→ **WHAT IS EXPECTED**: Copy every line of the data below exactly as given, except for the pictures.
(THE DATA begins)
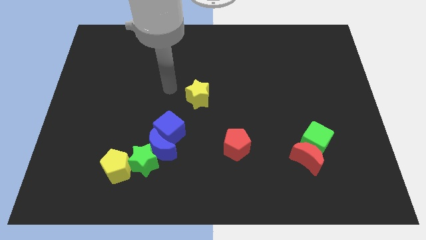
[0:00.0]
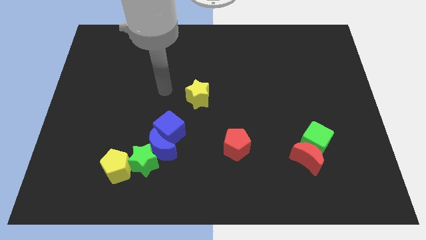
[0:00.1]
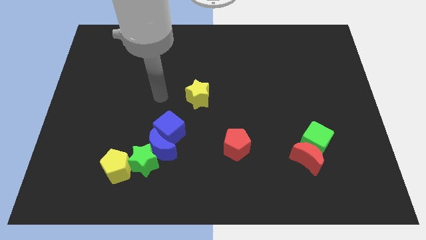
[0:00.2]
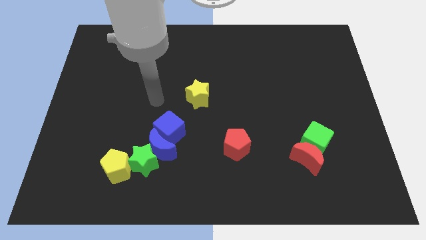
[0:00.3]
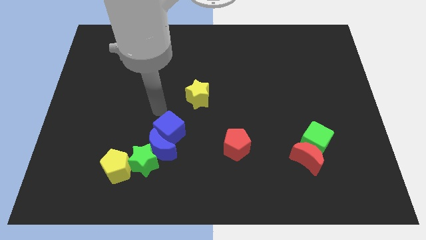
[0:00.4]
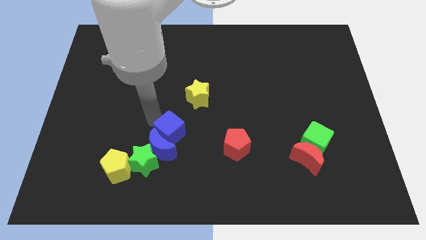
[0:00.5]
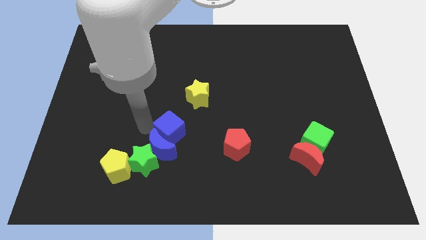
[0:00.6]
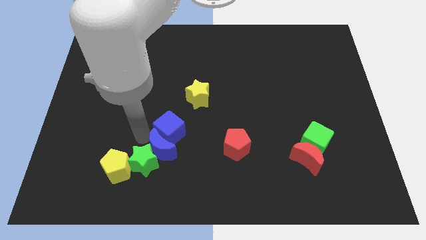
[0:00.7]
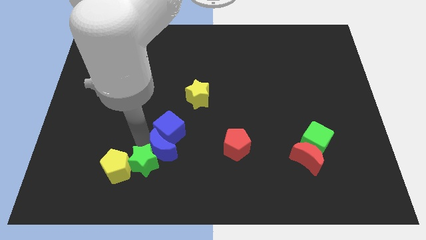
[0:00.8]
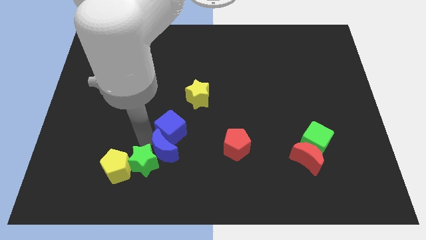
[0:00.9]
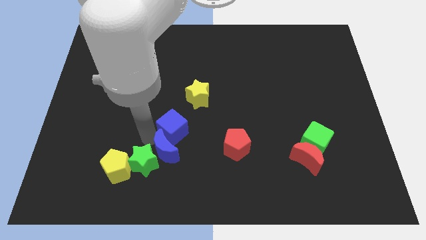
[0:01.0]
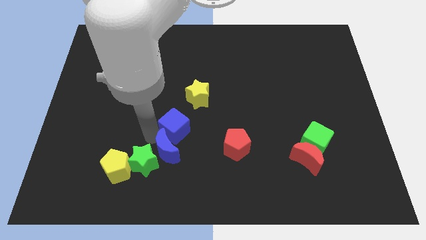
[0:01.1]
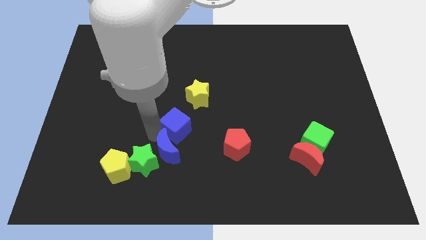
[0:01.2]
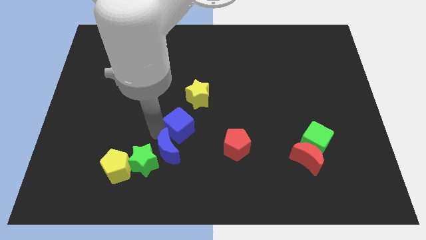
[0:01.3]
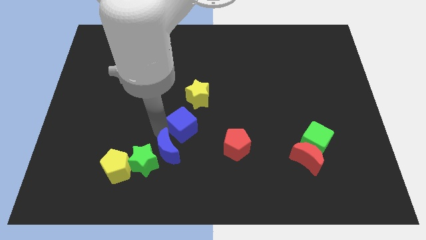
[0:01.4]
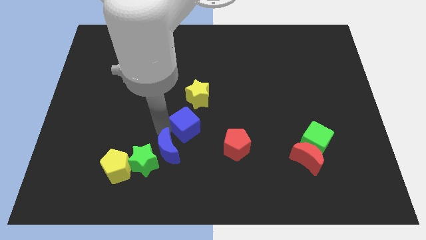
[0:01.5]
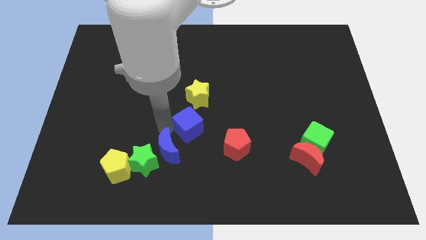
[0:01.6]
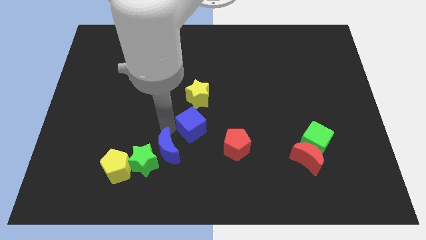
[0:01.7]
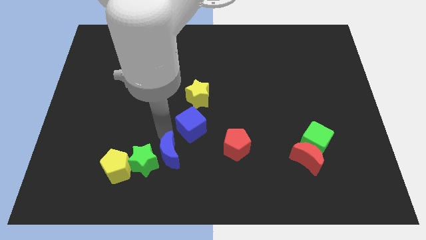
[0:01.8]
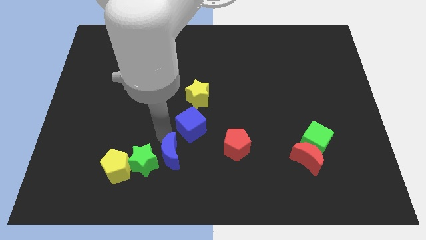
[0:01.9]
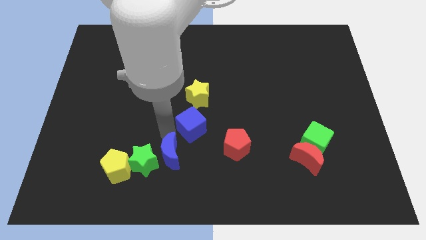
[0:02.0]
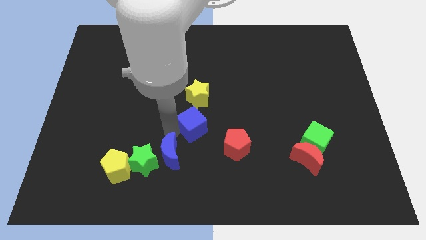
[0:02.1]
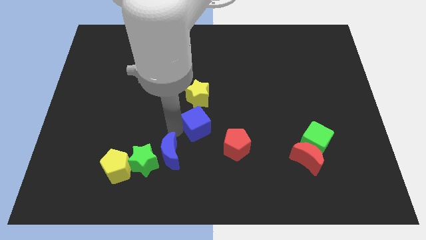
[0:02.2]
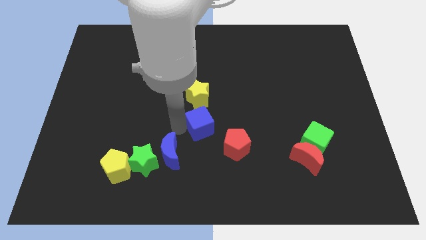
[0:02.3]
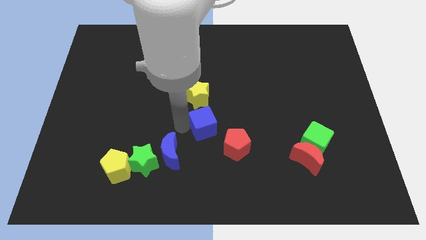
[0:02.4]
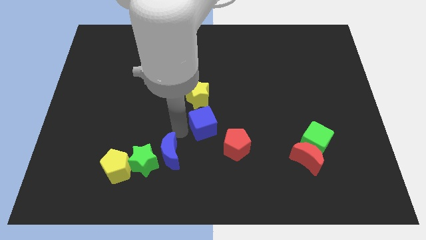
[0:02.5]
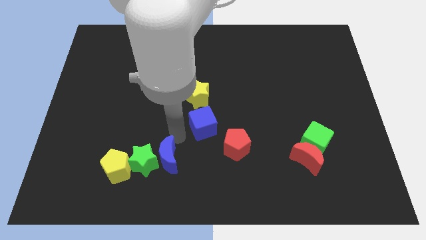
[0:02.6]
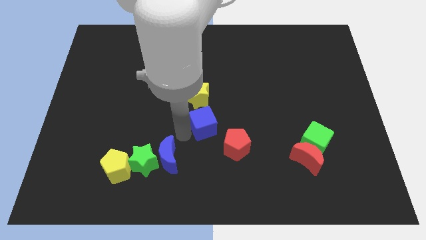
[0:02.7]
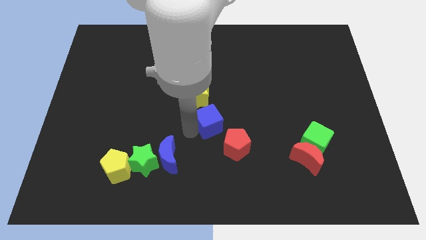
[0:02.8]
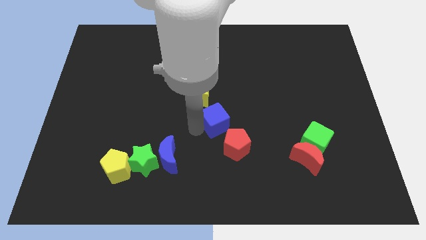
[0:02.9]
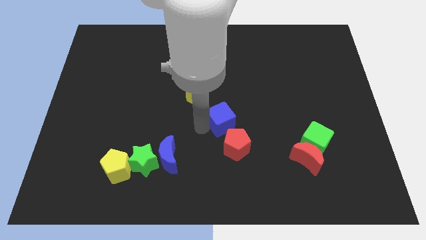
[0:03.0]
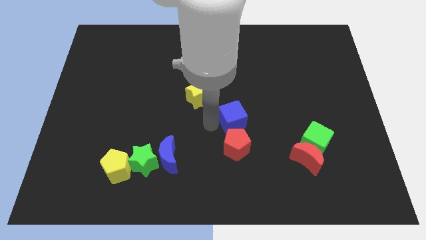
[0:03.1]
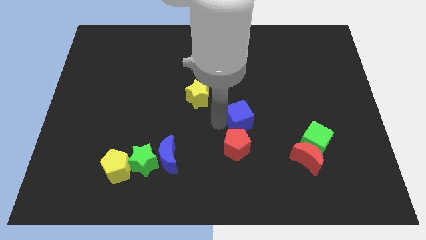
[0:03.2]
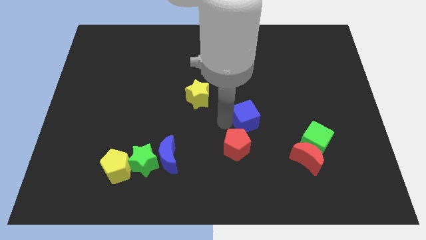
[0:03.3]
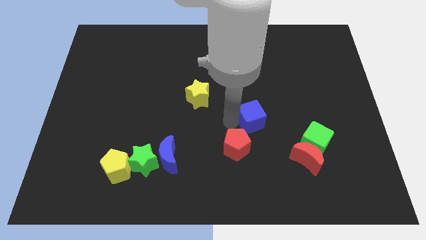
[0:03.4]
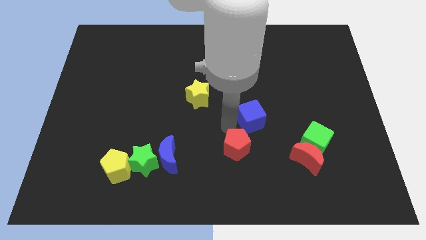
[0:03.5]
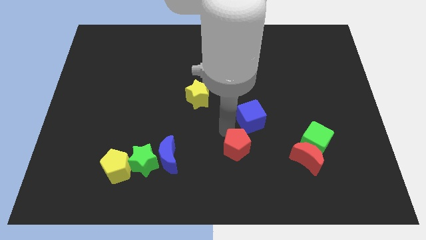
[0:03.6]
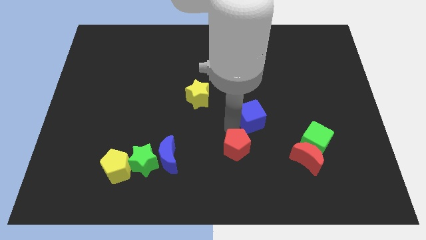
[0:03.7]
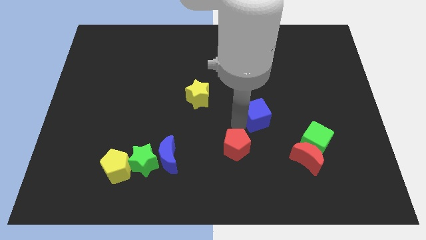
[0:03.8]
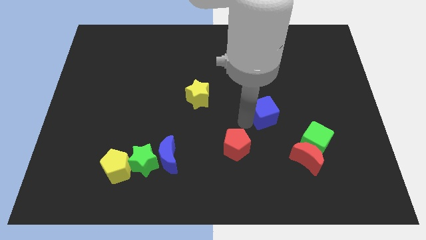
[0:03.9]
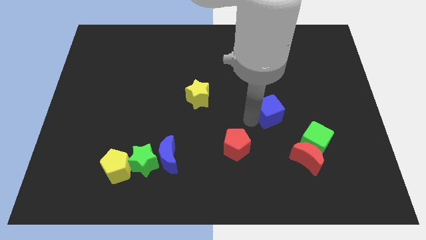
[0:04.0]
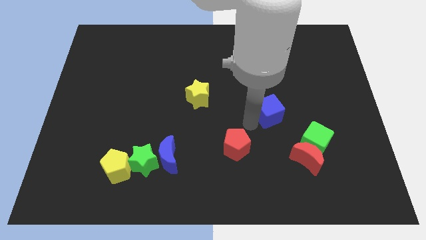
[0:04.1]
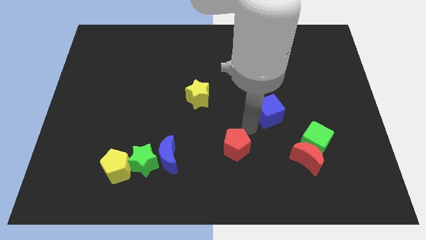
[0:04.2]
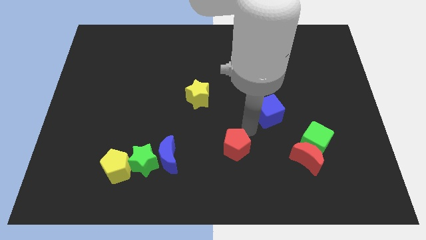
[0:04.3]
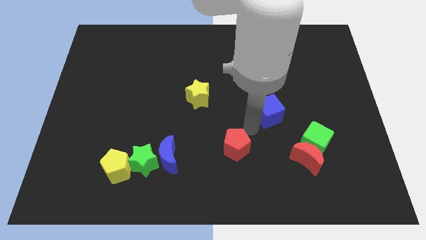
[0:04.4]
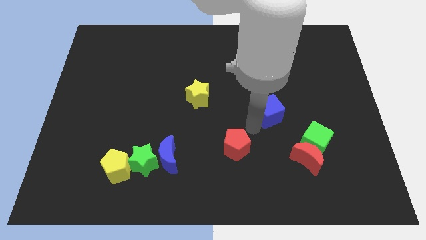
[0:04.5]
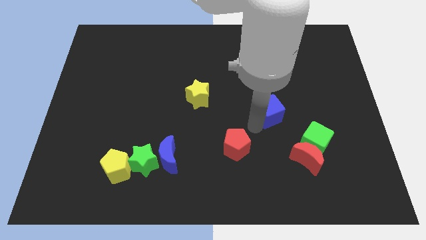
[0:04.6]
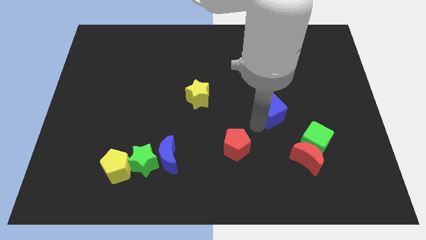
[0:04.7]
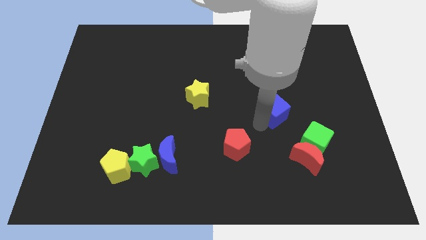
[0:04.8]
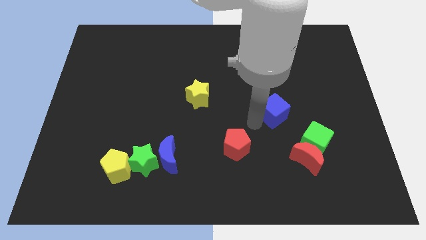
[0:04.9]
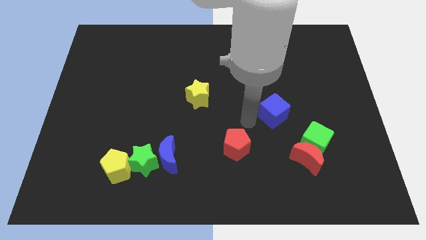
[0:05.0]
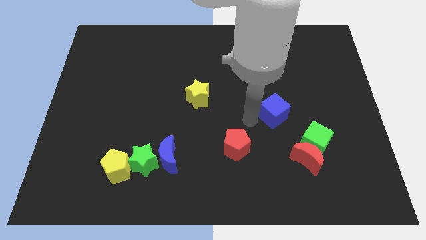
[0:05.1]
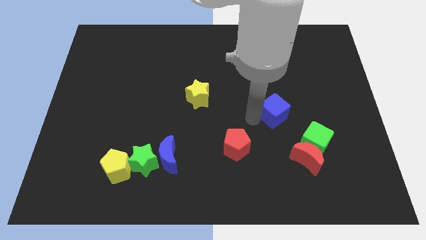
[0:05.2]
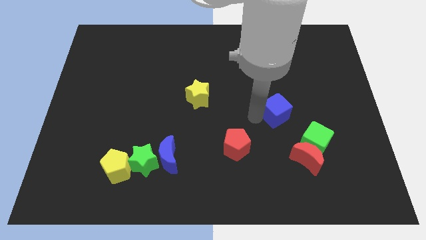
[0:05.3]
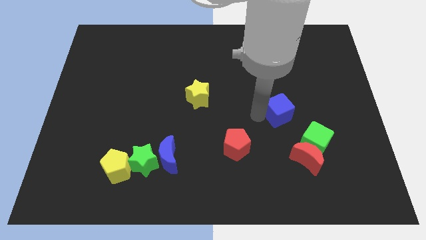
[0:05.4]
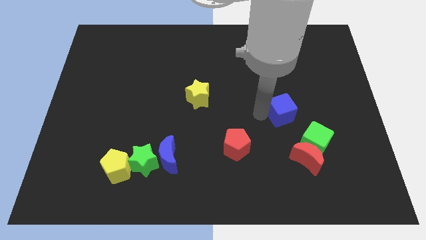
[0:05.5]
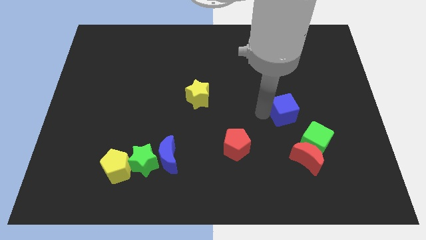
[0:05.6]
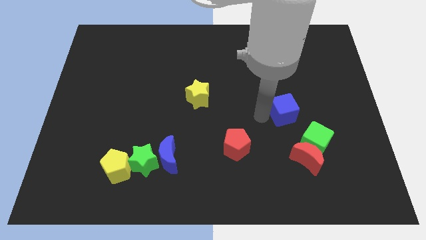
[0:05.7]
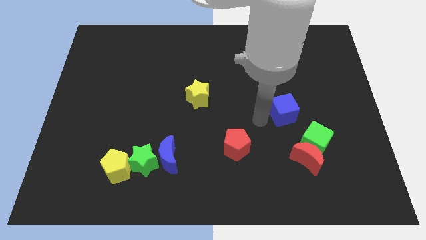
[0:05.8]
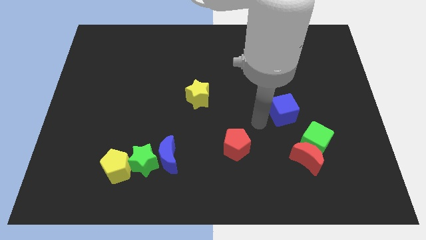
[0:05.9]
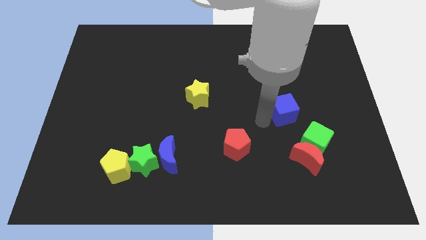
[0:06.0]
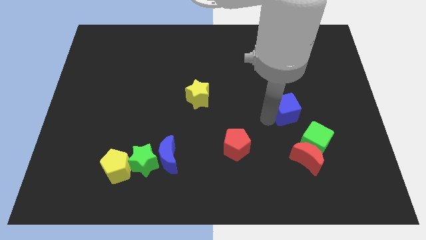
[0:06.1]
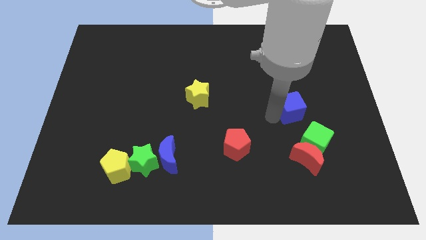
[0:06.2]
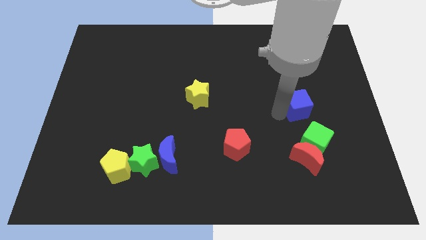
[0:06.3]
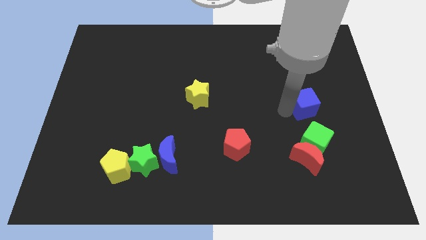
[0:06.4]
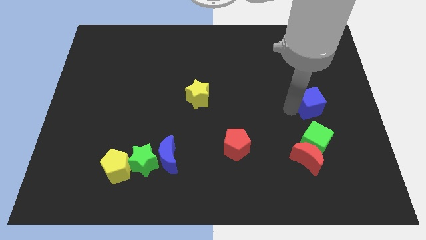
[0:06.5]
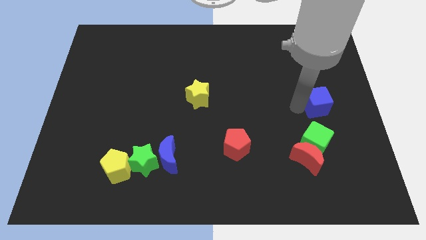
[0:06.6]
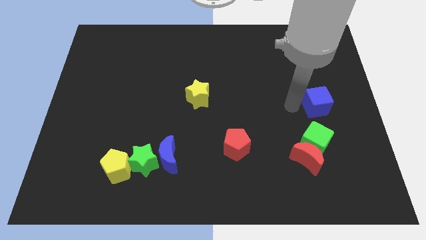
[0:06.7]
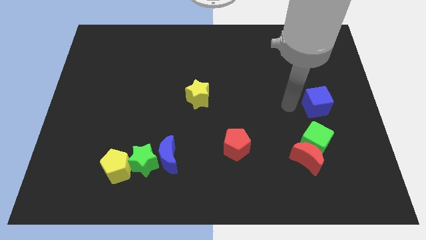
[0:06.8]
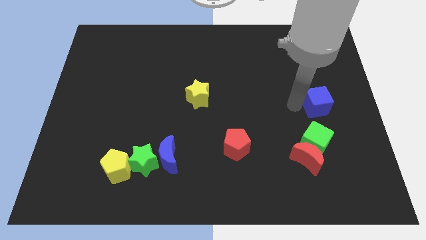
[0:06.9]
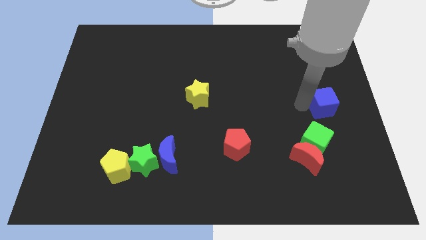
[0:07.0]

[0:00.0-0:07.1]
slide the blue cube to the right side of the board
(THE DATA ends)
→ **TASK RESULT**:
[0:00.0]
[0:00.1]
[0:00.2]
[0:00.3]
[0:00.4]
[0:00.5]
[0:00.6]
[0:00.7]
[0:00.8]
[0:00.9]
[0:01.0]
[0:01.1]
[0:01.2]
[0:01.3]
[0:01.4]
[0:01.5]
[0:01.6]
[0:01.7]
[0:01.8]
[0:01.9]
[0:02.0]
[0:02.1]
[0:02.2]
[0:02.3]
[0:02.4]
[0:02.5]
[0:02.6]
[0:02.7]
[0:02.8]
[0:02.9]
[0:03.0]
[0:03.1]
[0:03.2]
[0:03.3]
[0:03.4]
[0:03.5]
[0:03.6]
[0:03.7]
[0:03.8]
[0:03.9]
[0:04.0]
[0:04.1]
[0:04.2]
[0:04.3]
[0:04.4]
[0:04.5]
[0:04.6]
[0:04.7]
[0:04.8]
[0:04.9]
[0:05.0]
[0:05.1]
[0:05.2]
[0:05.3]
[0:05.4]
[0:05.5]
[0:05.6]
[0:05.7]
[0:05.8]
[0:05.9]
[0:06.0]
[0:06.1]
[0:06.2]
[0:06.3]
[0:06.4]
[0:06.5]
[0:06.6]
[0:06.7]
[0:06.8]
[0:06.9]
[0:07.0]

[0:00.0-0:07.1]
slide the blue cube to the right side of the board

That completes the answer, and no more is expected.